Compounded estrogens (typically estradiol, estriol, or "bi-est" or "tri-est" mixtures) are marketed as individualized alternatives. The FDA does not review compounded products for safety or efficacy, and no large randomized controlled trial has evaluated any compounded estrogen formulation for clinical outcomes. [5]

The NAMS 2022 statement explicitly notes: "The Endocrine Society and NAMS do not recommend custom-compounded hormones as a first-line therapy for menopausal symptoms, as there is a lack of reliable evidence for safety and efficacy, and the content and purity of these products cannot be assured." [1]

Estriol is the weakest of the three endogenous estrogens and is not FDA-approved as a systemic therapeutic in the United States. The argument that it is "safer" due to lower potency is not supported by clinical trial data against approved alternatives.

Selecting the Agent: A Clinical Decision Framework

Step 1. Establish Route Based on VTE and Cardiovascular Risk

For patients with no personal history of VTE and BMI <30, oral estradiol is a reasonable choice if the patient prefers a tablet. For patients with BMI above 30, prior superficial thrombophlebitis, active tobacco use, controlled hypertension, or a first-degree relative with VTE, transdermal estradiol is the safer route. [2,4]

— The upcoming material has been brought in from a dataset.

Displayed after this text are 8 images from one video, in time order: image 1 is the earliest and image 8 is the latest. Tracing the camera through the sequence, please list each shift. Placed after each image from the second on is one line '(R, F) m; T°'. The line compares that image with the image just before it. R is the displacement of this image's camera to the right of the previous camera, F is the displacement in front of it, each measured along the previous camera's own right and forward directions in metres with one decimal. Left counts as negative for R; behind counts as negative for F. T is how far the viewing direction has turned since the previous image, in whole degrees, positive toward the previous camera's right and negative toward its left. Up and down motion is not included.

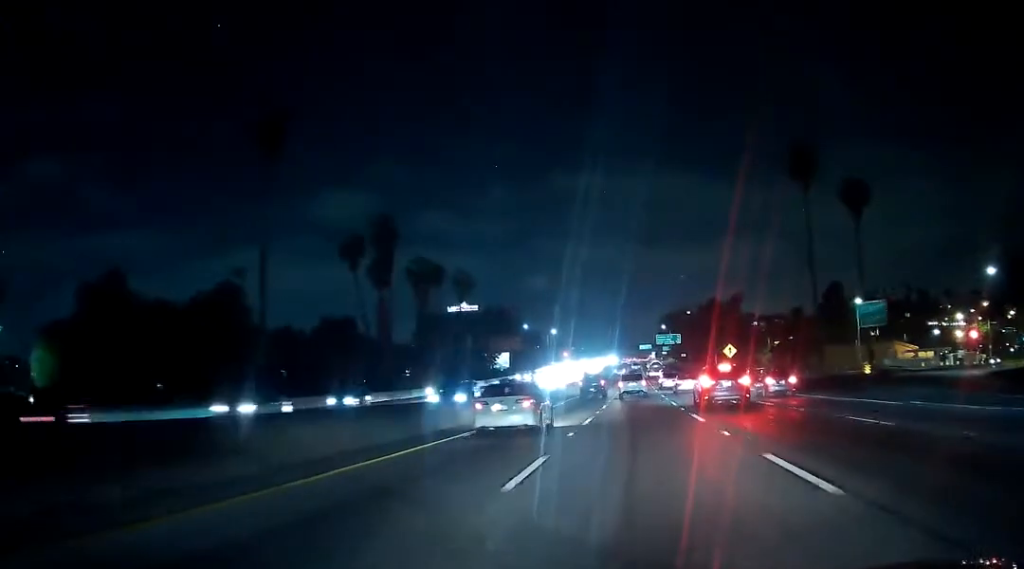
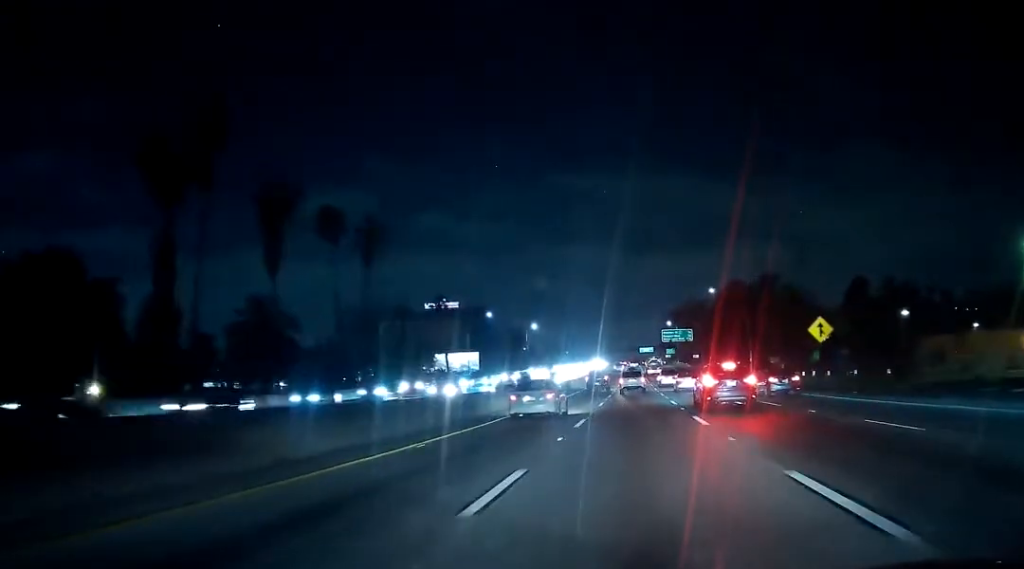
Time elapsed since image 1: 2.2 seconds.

Step 2. Match Formulation to Adherence Profile

Twice-weekly patch users in one pharmacy database had 12-month adherence rates of approximately 68 percent versus 54 percent for daily oral tablets. Quarterly Femring users had the highest 12-month continuation in the same analysis. The best formulation is the one the patient will actually use.

Step 3. Decide on CEE vs. 17-Beta Estradiol

For patients who have never used hormone therapy, 17-beta estradiol is the clinically preferred starting molecule in most contemporary guidelines because it is the endogenous human estrogen, its pharmacokinetics are better characterized, and the serum assay directly measures therapeutic levels. CEE remains an appropriate choice for patients who have used it successfully before or who have a clinical reason to avoid estradiol-specific metabolism.

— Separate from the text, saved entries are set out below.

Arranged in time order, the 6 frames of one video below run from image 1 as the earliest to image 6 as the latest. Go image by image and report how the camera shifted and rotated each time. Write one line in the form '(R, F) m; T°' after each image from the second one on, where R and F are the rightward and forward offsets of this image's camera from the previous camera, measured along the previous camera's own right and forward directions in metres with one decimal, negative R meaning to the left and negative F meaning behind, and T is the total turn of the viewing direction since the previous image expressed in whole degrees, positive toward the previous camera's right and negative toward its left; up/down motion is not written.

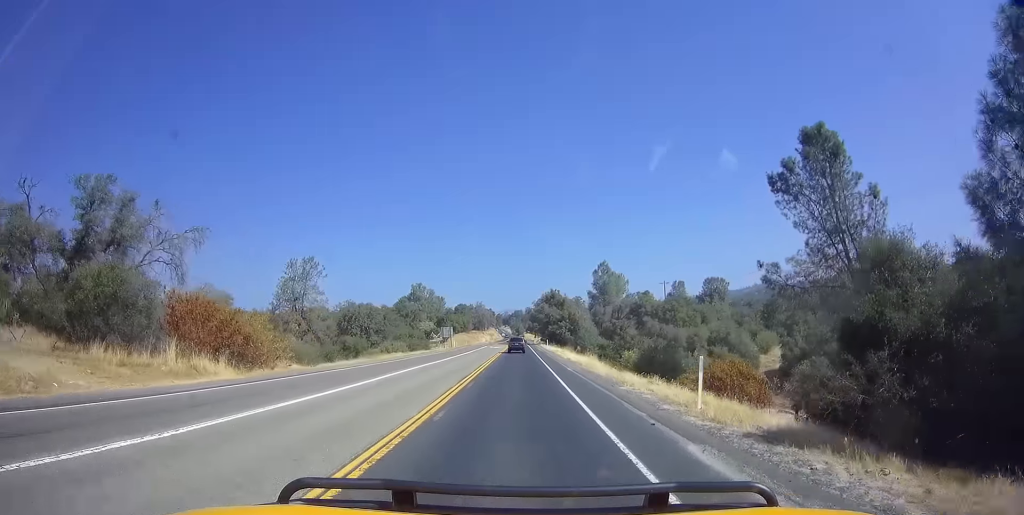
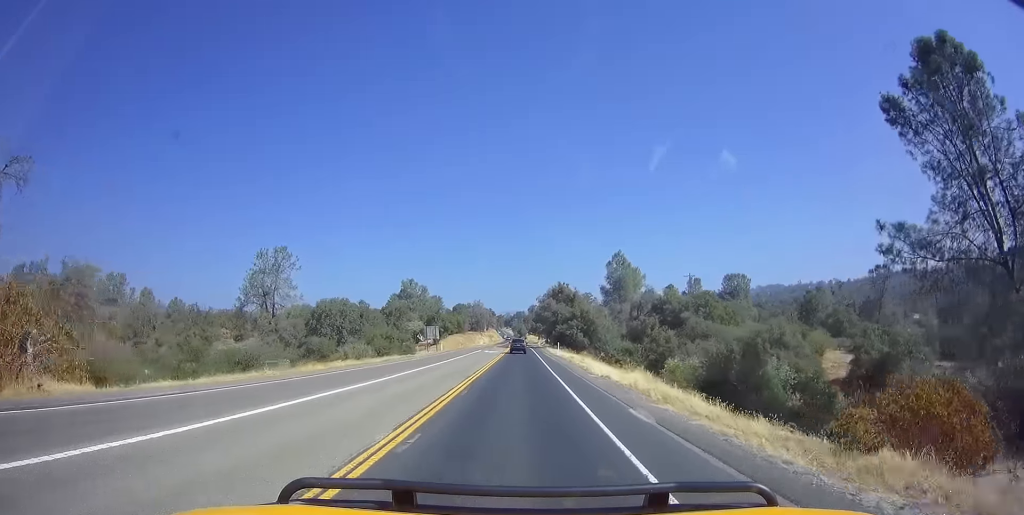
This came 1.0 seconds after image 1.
(+0.3, +17.7) m; 0°
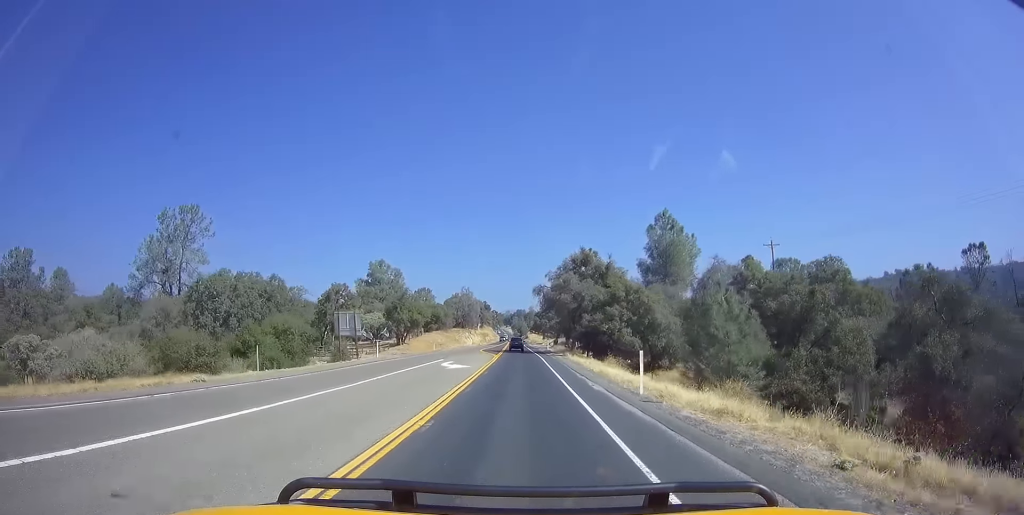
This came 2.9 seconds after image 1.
(-0.8, +35.8) m; 0°
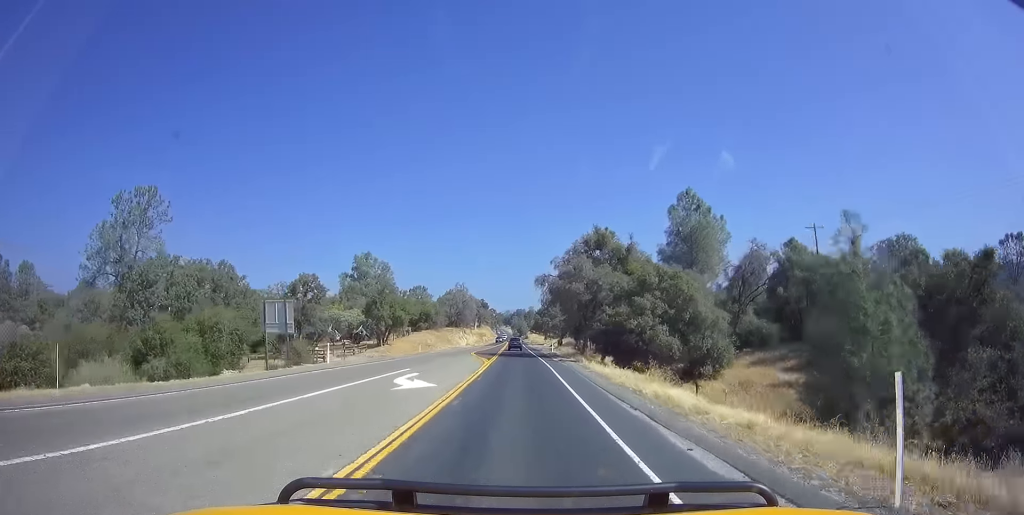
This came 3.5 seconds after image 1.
(+0.2, +11.5) m; +1°
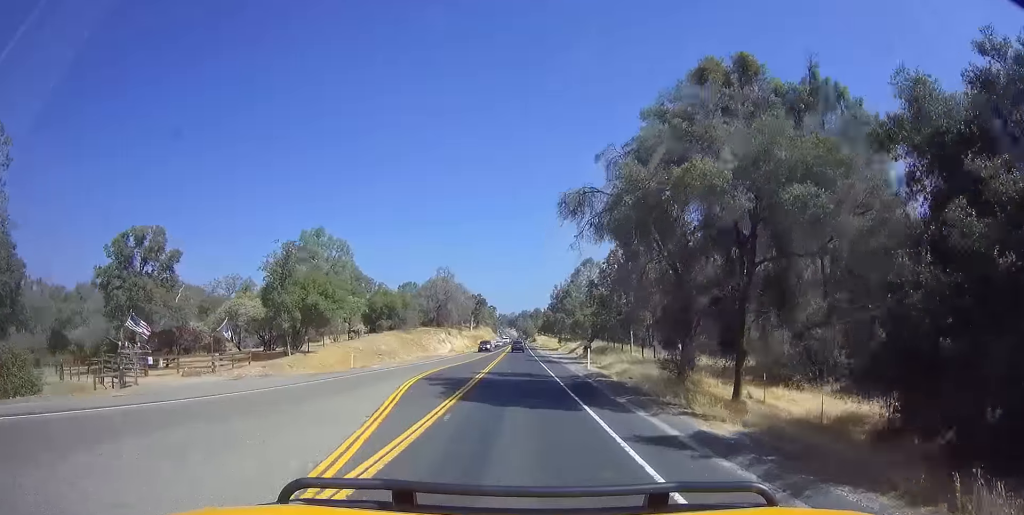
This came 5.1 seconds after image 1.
(-0.8, +30.7) m; -2°
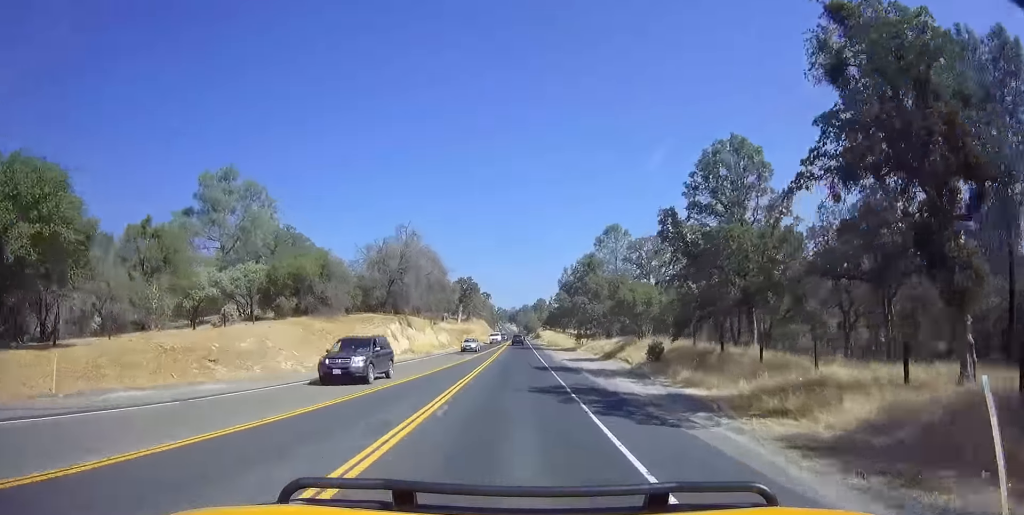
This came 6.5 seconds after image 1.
(+0.4, +29.1) m; 0°

Step 4. Set the Starting Dose

NAMS and the Endocrine Society both recommend starting at the lowest effective dose and titrating upward based on symptom response after 8 to 12 weeks. [1,6] Starting doses:

  • Oral estradiol: 0.5 to 1 mg daily
  • Transdermal patch: 0.025 to 0.05 mg/day
  • EstroGel: 0.75 g/day (one pump)
  • CEE oral: 0.3 to 0.625 mg daily

Step 5. Add Progestogen in Any Patient With an Intact Uterus

Unopposed systemic estrogen produces endometrial hyperplasia in approximately 15 to 32 percent of patients within one year and carries a 2- to 12-fold elevated endometrial carcinoma risk with long-term use. [7] The choice of progestogen (micronized progesterone, MPA, norethindrone acetate, or an IUD with levonorgestrel) affects the breast and lipid profile and is a separate clinical decision.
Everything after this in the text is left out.